::: RECORDS FOR THE TASK
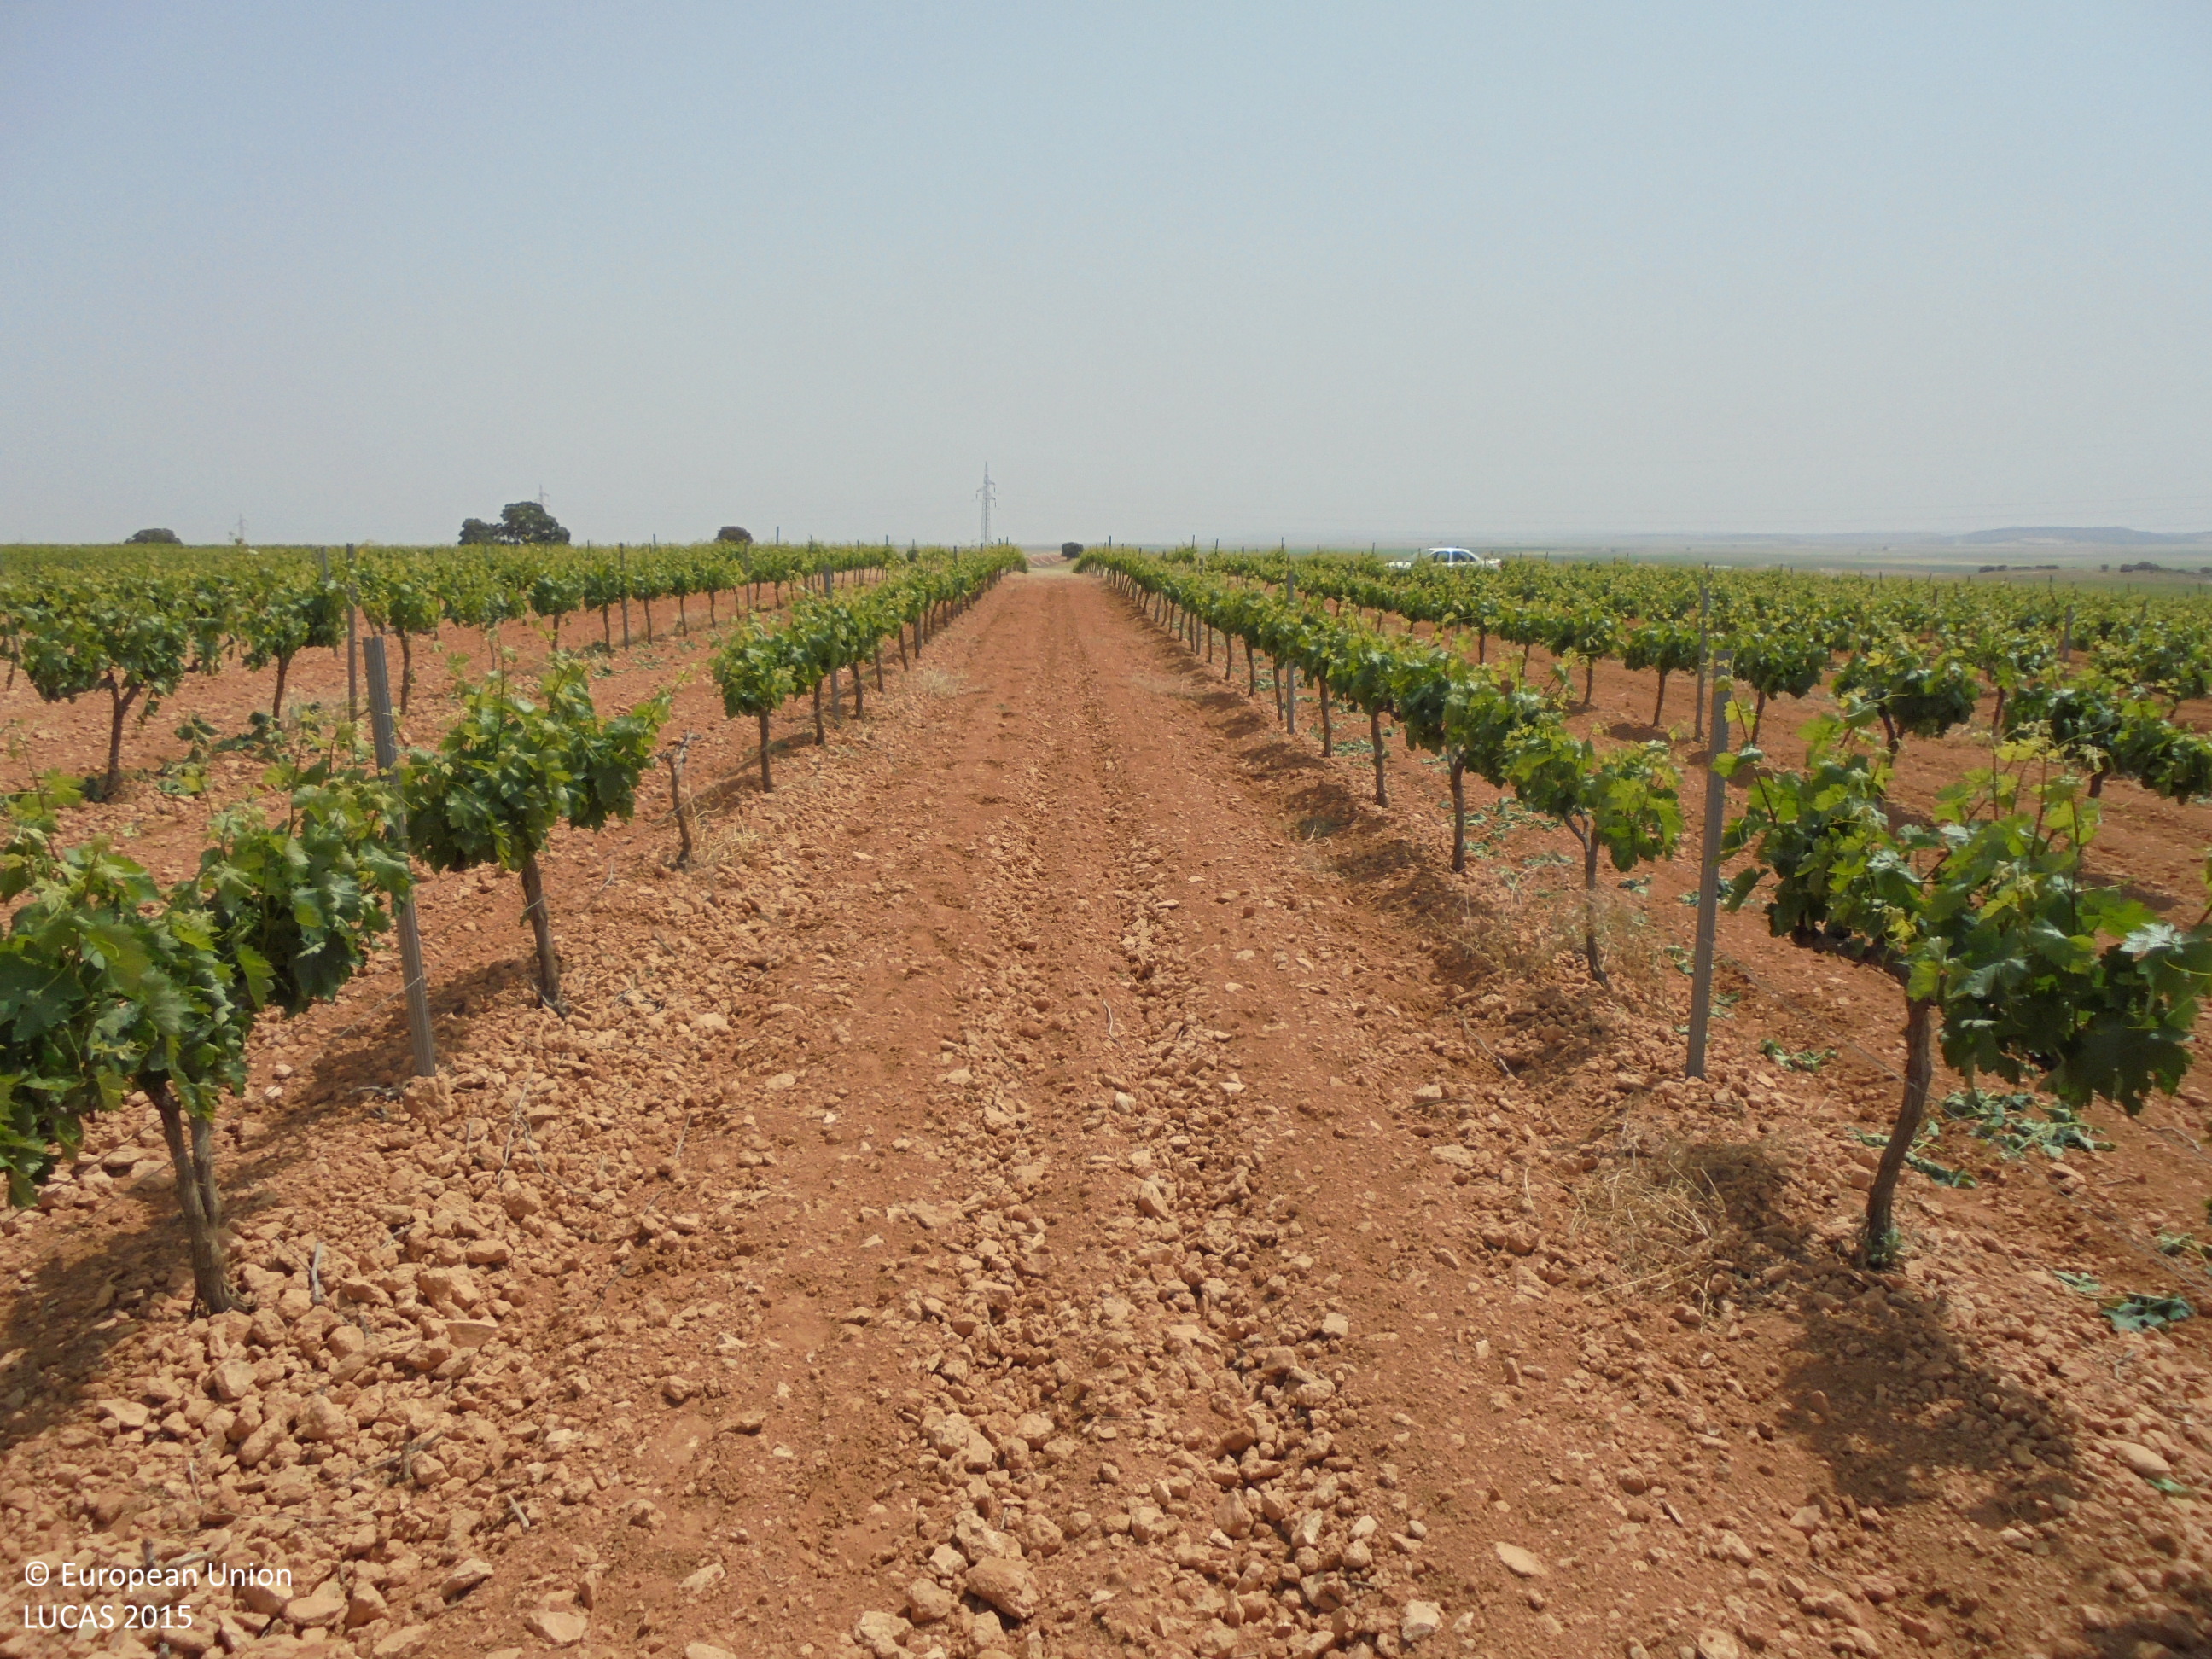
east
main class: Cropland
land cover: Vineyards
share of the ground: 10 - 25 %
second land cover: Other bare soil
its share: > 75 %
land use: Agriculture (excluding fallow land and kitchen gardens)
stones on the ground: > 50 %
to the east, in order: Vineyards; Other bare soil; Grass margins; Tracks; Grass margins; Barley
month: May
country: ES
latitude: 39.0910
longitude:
::::::
YOUR GOAL |
In your copy, reproduce the data above exactly and skip every picture.

RESULT |
east
main class: Cropland
land cover: Vineyards
share of the ground: 10 - 25 %
second land cover: Other bare soil
its share: > 75 %
land use: Agriculture (excluding fallow land and kitchen gardens)
stones on the ground: > 50 %
to the east, in order: Vineyards; Other bare soil; Grass margins; Tracks; Grass margins; Barley
month: May
country: ES
latitude: 39.0910
longitude:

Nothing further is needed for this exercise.